75 The verb hayah and its related forms is found in this one verse three times. Since the word occurs several other places in the psalm, this would be the major theological theme to look at. Besides, the lament is its whole antithesis--death. A word study of hayah or hay would not change the definition, but would discover that there is a quality of life involved, not merely surviving.
76 The text has missahat beli (mish-sha-khat beh-lee), "from the pit of destruction." The expression indicates the place of destruction where one is reduced to nothing. Therefore, we have a metonymy of effect here for the grave or death.
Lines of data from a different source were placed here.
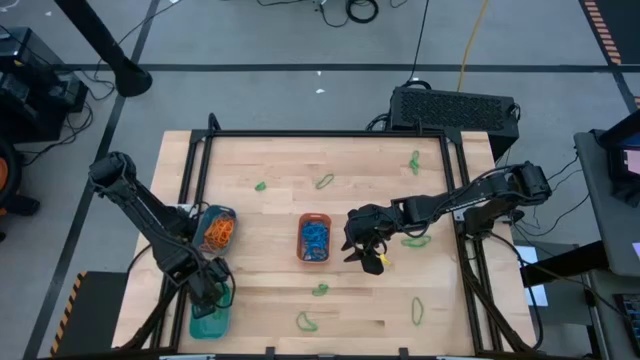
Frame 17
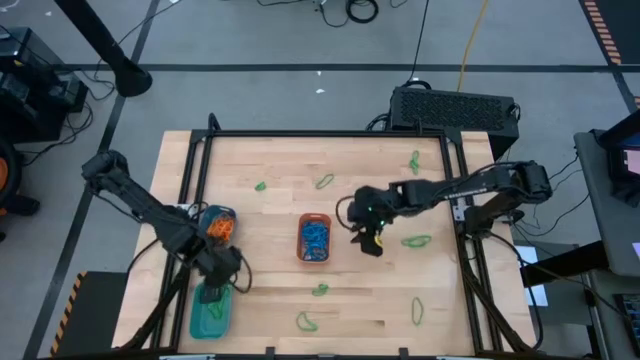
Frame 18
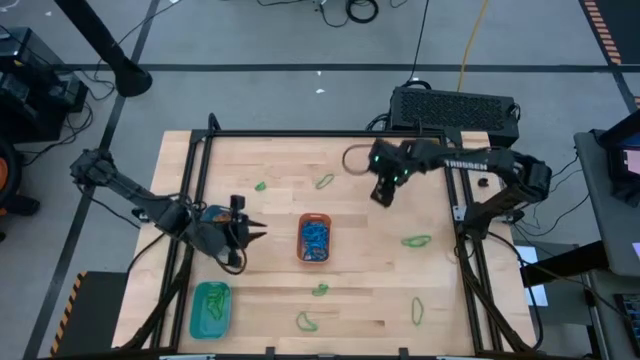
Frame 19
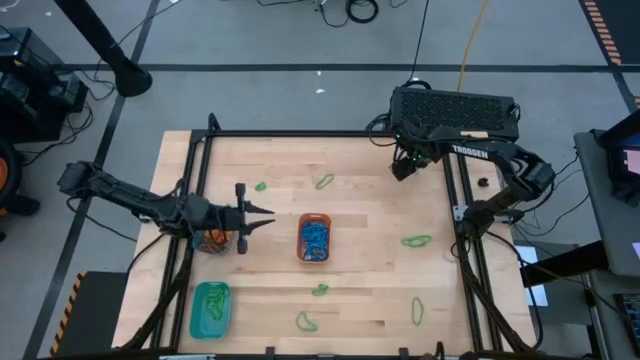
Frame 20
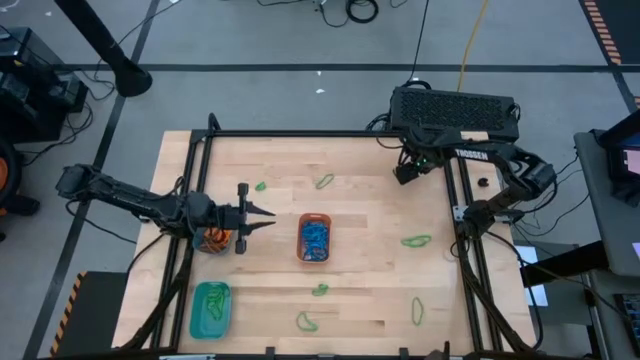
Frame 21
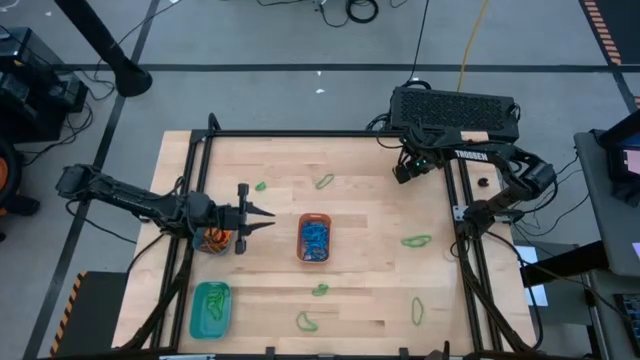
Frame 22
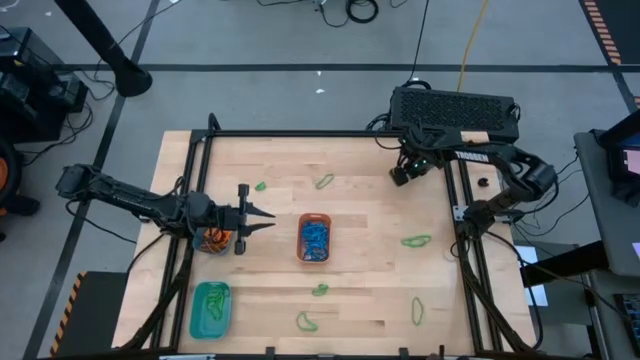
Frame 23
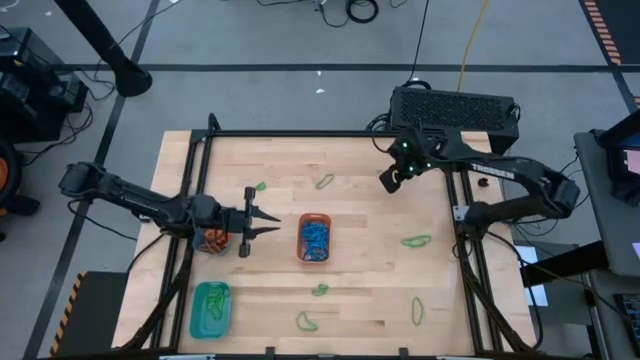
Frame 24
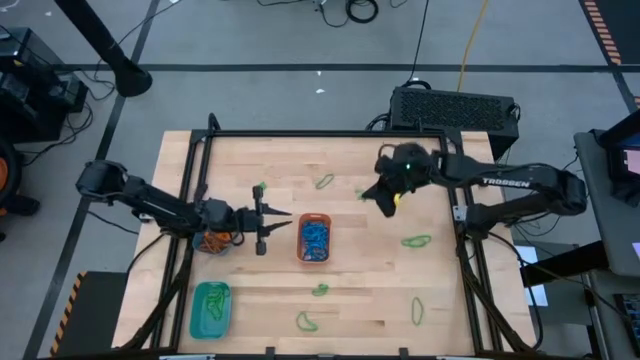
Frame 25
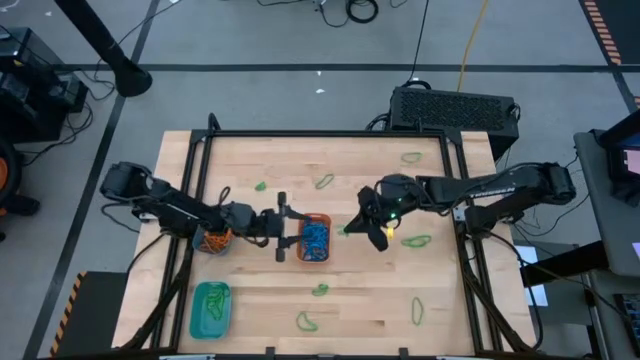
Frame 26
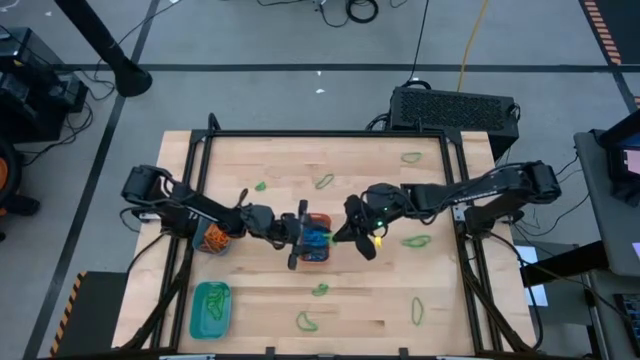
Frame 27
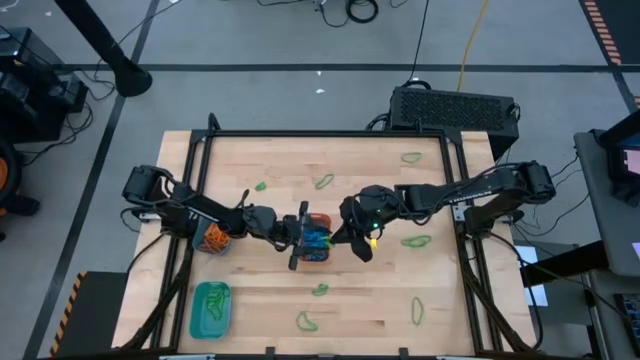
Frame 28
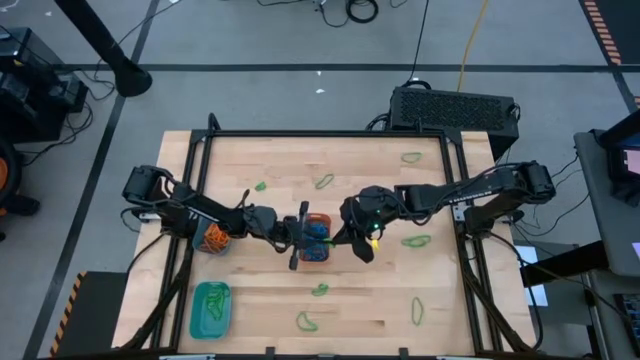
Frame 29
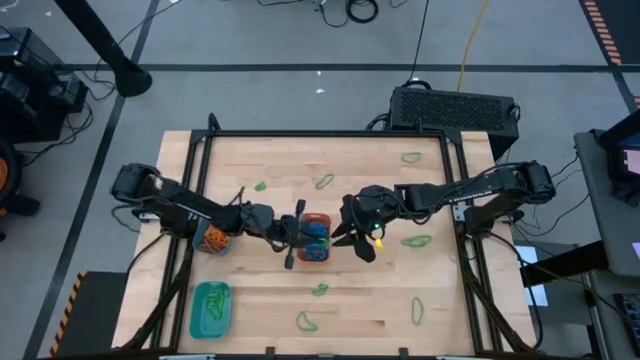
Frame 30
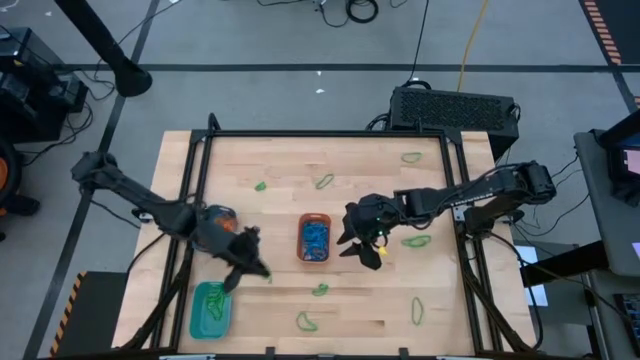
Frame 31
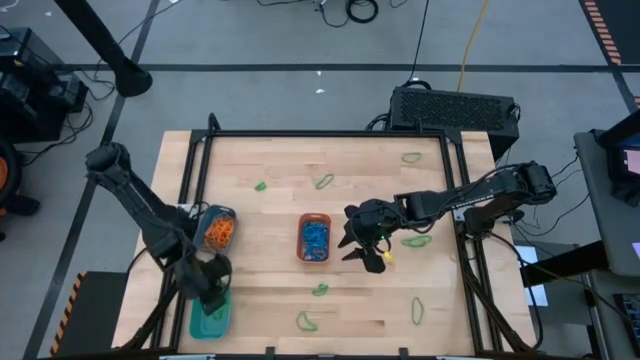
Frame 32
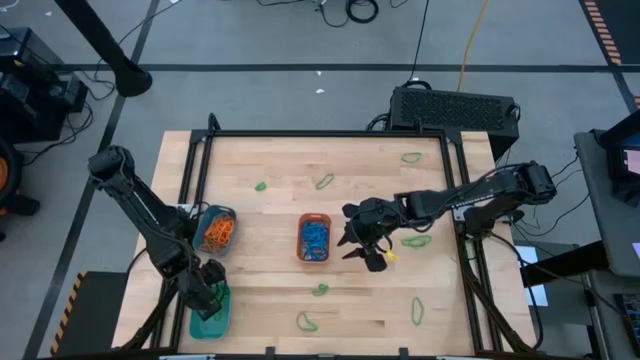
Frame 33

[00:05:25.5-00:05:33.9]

77 "Putting sins behind the back" is a bold anthropomorphism to stress that they were kept out of sight--did not get in the way of God's love for him.
78 Here is the verb that is fitting for this type of psalm, todekka, from yadah in the imperfect with a pronominal suffix.
79 The parallel verb is the well-known halal, yehalelekka (yeh-ha-leh-lek-kah). The root word means to be shining, brilliant; and so the verb to praise has the idea of glowing with a report, enthusiastic and excited telling about what was enjoyed.
80 The figure is metonymy of subject--the dead in the grave.
81 The word is ’emet, "truth"; but it means reliability as well. It is related to the verbal root ’aman. The figure here would be metonymy of cause--the cause is His faithfulness, the effect is that He delivered Hezekiah.
82 The Hebrew form is the infinitive with the preposition: le hosi‘eni (leh-ho-she-ey-nee), meaning "to save me." The construction implies something is left out. It may indicate: "The LORD [decided] to save me."